表 3 社会支持在主观幸福感和亲社会行为之间的中介作用分析
Table 3 Analysis of the mediating role of social support between SWB and prosocial behavior
因变量 |
自变量 |
整体拟合指标 |
标准化回归系数 |
|||||
R2值 |
∆R2值 |
F值 |
p值 |
β值 |
t值 |
p值 |
||
亲社会行为 |
主观幸福感 |
0.080 |
0.076 |
21.43 |
<0.01 |
0.28 |
4.63 |
<0.01 |
社会支持 |
主观幸福感 |
0.181 |
0.178 |
54.95 |
<0.01 |
0.43 |
7.41 |
<0.01 |
亲社会行为 |
社会支持 |
0.264 |
0.258 |
44.31 |
<0.01 |
0.48 |
7.87 |
<0.01 |
主观幸福感 |
0.08 |
1.34 |
0.19 |
采用结构方程模型对社会支持的中介作用进行检验,假设社会支持为中介变量,以主观幸福感作为自变量,以亲社会行为作为因变量,中介模型见图1。检验结果显示,主观幸福感对社会支持的预测作用具有统计学意义(p<0.01),社会支持对亲社会行为的预测作用具有统计学意义(p<0.01),但主观幸福感对亲社会行为的预测作用无统计学意义(p=0.19),说明社会支持在主观幸福感与亲社会行为间存在完全中介效应。
图 1 社会支持的中介效应路径系数
Figure 1 Path coefficient of the mediating effect of social support
本研究结果显示,大学生的亲社会行为得分较高,五点计分处于中等偏上,亲社会行为四个维度得分由高到低依次为遵循公益性、利他性、特质性、关系性。本次研究与李露的结果基本一致,表明大学生的亲社会行为总体水平较高[26]。这似乎出乎意料,与以往对“00后”未来无法承担社会之重担的担忧不吻合。之所以出现偏差,可能与日常状态下,不同人行走在不同轨道上,一切都习以为常,利他的亲社会行为湮没在习惯之中,也没有给零零后大学生们表现的机会。其实,疫情期间大学生的整体表现折射出他们已经具备较高的亲社会行为水平。我们看到,疫情期间,大学生能够积极关注社会与他人需要,在帮助他人、协调关系、参加公益等方面都尽己所能、尽力为之。例如,大学生自觉遵守规则、主动关心公众利益,积极参与地区和社区抗疫,大力宣传防疫知识,表现出遵循公益性的亲社会行为;大学生也能以他人利益为重,捐赠紧缺医疗物资,主动为受困在家的中小学生提供学业辅导,表现出利他性的亲社会行为;大学生还在社会交往中积极建立和维护社会关系,自愿参与各种志愿团队,在团队中能时刻关注他人需求,表现出关系性的亲社会行为;大学生能够换位思考,理解特殊时期他人的感受与遭遇,对他人的积极行为予以肯定,表现出特质性的亲社会行为。也许突发的疫情在某种程度上激发了大学生报效祖国的使命意识、奉献社会的责任意识、服务人民的主人翁意识,促使他们表现出更多的亲社会行为。但同时,也能反映大学生已经具有较高的社会责任意识,遇事能够走出小我,无私服务他人。
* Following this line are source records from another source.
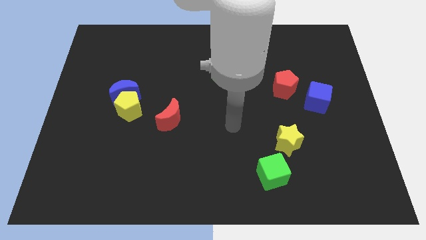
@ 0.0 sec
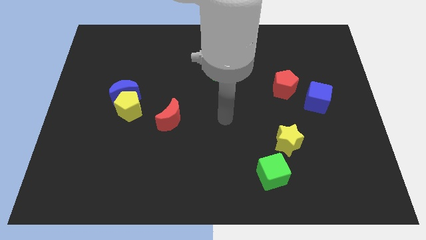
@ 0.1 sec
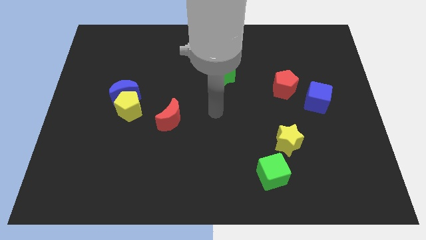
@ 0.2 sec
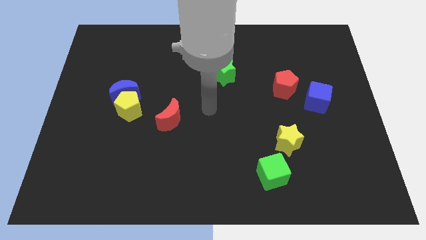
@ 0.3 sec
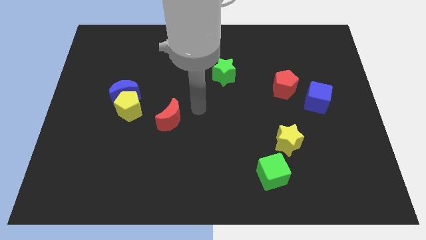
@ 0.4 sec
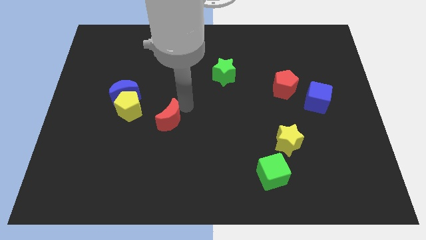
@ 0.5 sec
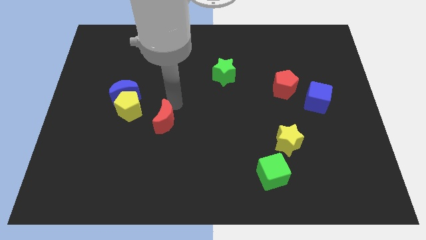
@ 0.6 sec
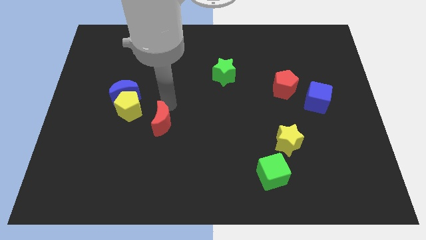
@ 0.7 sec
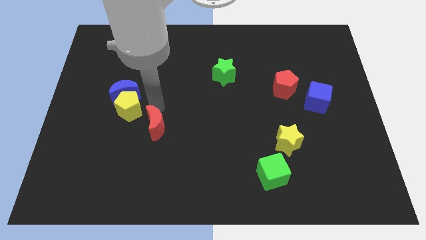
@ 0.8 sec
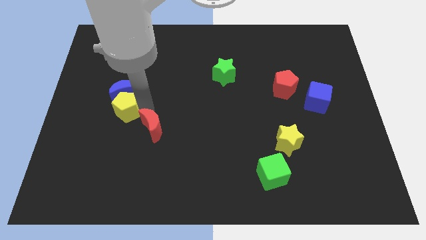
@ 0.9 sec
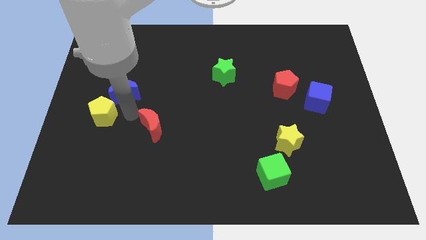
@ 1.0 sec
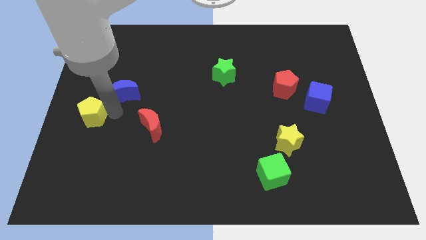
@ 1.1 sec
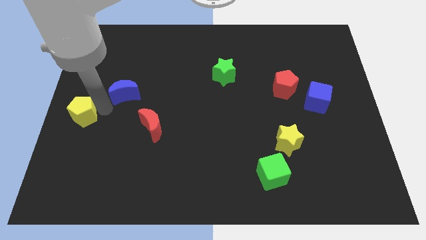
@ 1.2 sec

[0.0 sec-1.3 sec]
pull the blue moon apart from the yellow pentagon

本研究结果还显示,大学生亲社会行为不存在性别差异。这与以往结果基本一致[27,28]。虽然女生细腻而敏感,男生阳光而理性,但在亲社会行为上,男女生超越了性别角色差异,危急时刻挺身而出彰显当代大学生的助人品质。在专业类别上,本研究发现,理科生的遵循公益性行为显著高于文科生,其他维度差异不显著。这可能与文理科学生的教育方式、教育内容、思维方式存在差异有关。具体原因仍需进一步深入探讨。
本研究还发现,大学生的主观幸福感与亲社会行为显著正相关。这与以往结果基本一致[30]。可见,主观幸福感越高,个体越容易发生亲社会行为;个体越乐善好施关爱他人,感知到的幸福指数越高[30]。这可能是因为,个体主观感知到的幸福指数越高,越能够感受到他人是否需要帮忙,进而表现出利他的友好行为,将自身感知到的幸福传递给他人[31];而主观感知到的幸福指数较低时,个体可能“自顾不暇”,面对他人的求助,“心有余而力不足”,无法做到“舍己为人、先人后己”。
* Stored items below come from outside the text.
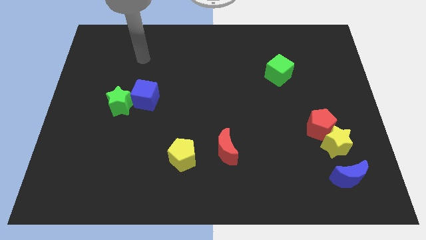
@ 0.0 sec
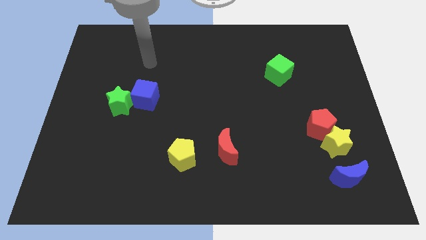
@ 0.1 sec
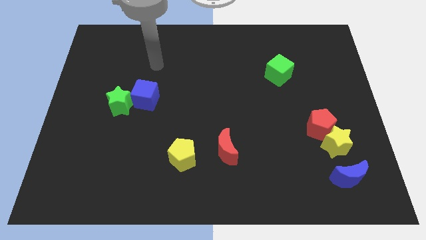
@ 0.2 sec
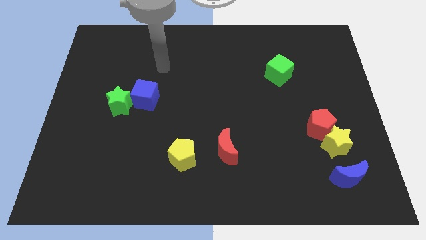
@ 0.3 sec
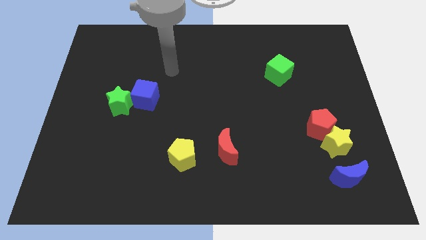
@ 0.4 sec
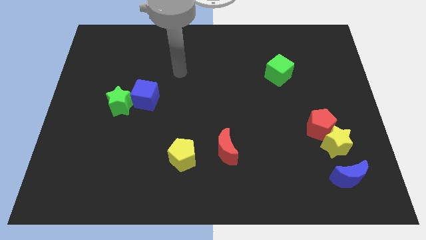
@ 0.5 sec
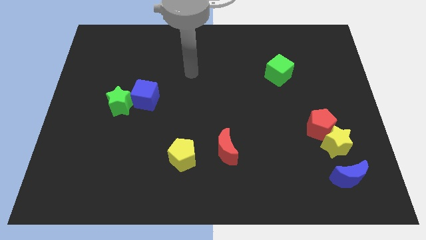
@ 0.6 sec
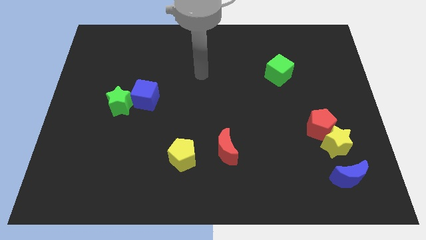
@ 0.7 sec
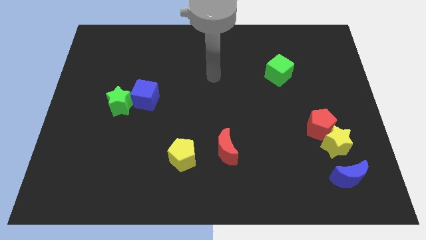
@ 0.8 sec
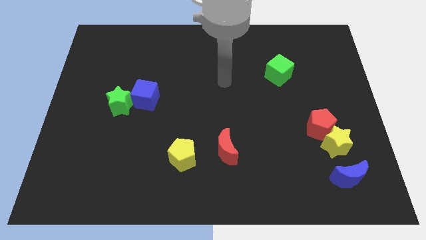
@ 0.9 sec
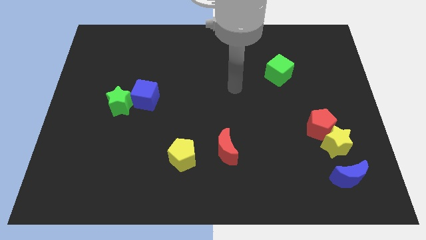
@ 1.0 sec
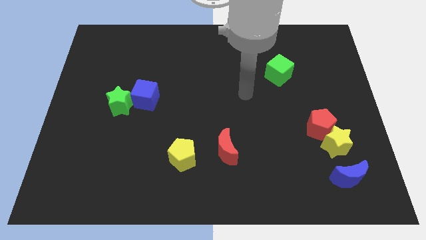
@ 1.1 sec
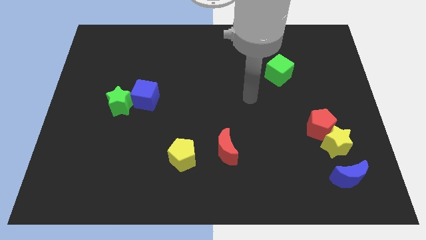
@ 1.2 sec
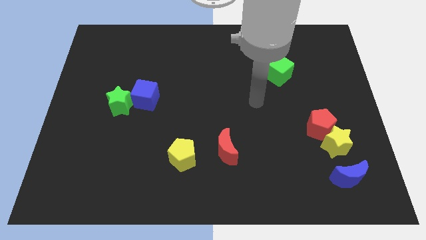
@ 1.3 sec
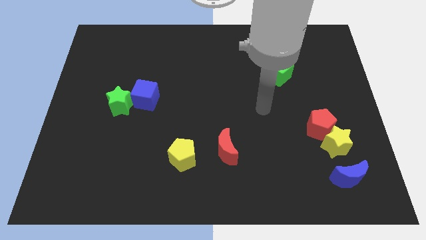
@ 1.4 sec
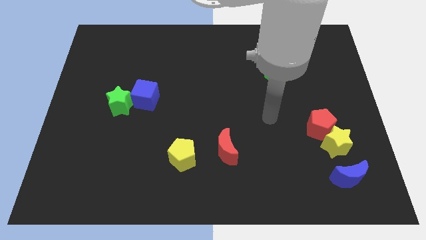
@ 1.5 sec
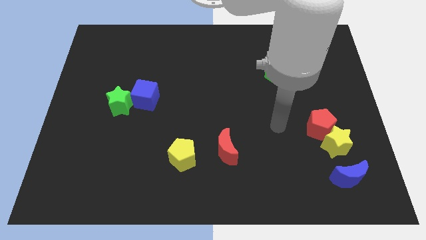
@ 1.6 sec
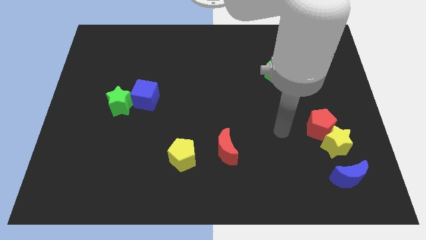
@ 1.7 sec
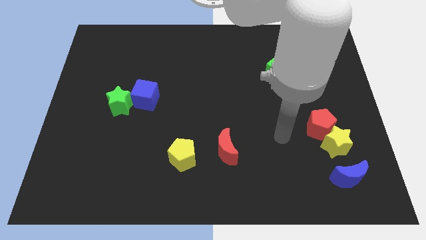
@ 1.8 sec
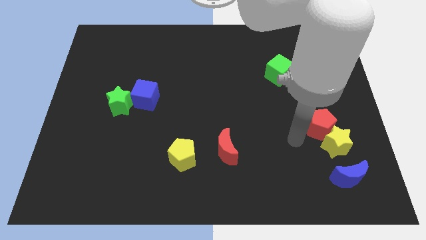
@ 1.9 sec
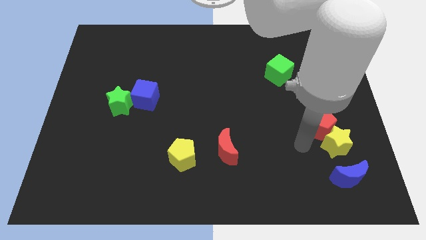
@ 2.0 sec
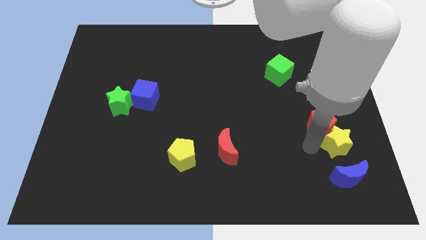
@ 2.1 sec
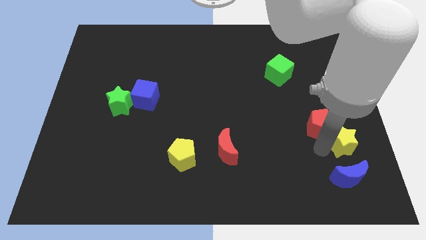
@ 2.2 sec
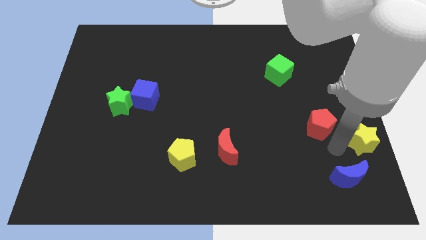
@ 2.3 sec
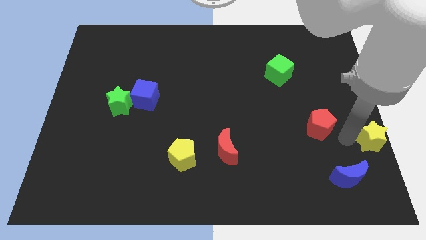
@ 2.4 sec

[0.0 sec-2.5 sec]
move the red pentagon away from the yellow star

而且,社会支持与大学生的亲社会行为也显著正相关。这与以往结果也基本一致[32]。这说明,来自他人的社会支持程度越高,大学生越容易表现出亲社会行为;同理,大学生产生的亲社会行为越多,越容易构建良好的人际关系,越有可能获得更多的社会支持。也有研究表明,个体得到的社会资源越丰富,获得社会支持的可能性也越高,实施亲社会行为的可能性也越大[33,34]。也就是说,父母、朋友、社会给予大学生的信赖和支持越高,大学生越有可能关爱他人、心系社会,激发利他的亲社会行为。
中介分析发现,主观幸福感不仅对亲社会行为产生影响,同时社会支持在主观幸福感和亲社会行为之间起完全中介作用。这表明,主观幸福感还可通过社会支持影响亲社会行为。也就是说,不仅个体感知到的主观幸福感与获得的社会支持能够直接影响个体产生更多的亲社会行为,个体感知到的幸福指数还可以为个体获得更多的支持与关心,这又将促使个体利他行为的产生。可见,主观幸福感与社会支持对大学生亲社会行为的影响并非简单的“1+1=2”效应。
本研究主要考察了大学生的亲社会行为以及主观幸福感和社会支持的作用。研究发现大学生的亲社会行为水平较高,并且主观幸福感和社会支持都有助于提高大学生的亲社会行为水平。这提示我们,可以通过提高大学生的主观幸福感水平、增加对大学生的社会支持程度,提升其亲社会行为水平。亲社会行为水平的提高,既有助于提高大学生的社会责任感水平,也有利于社会和谐发展。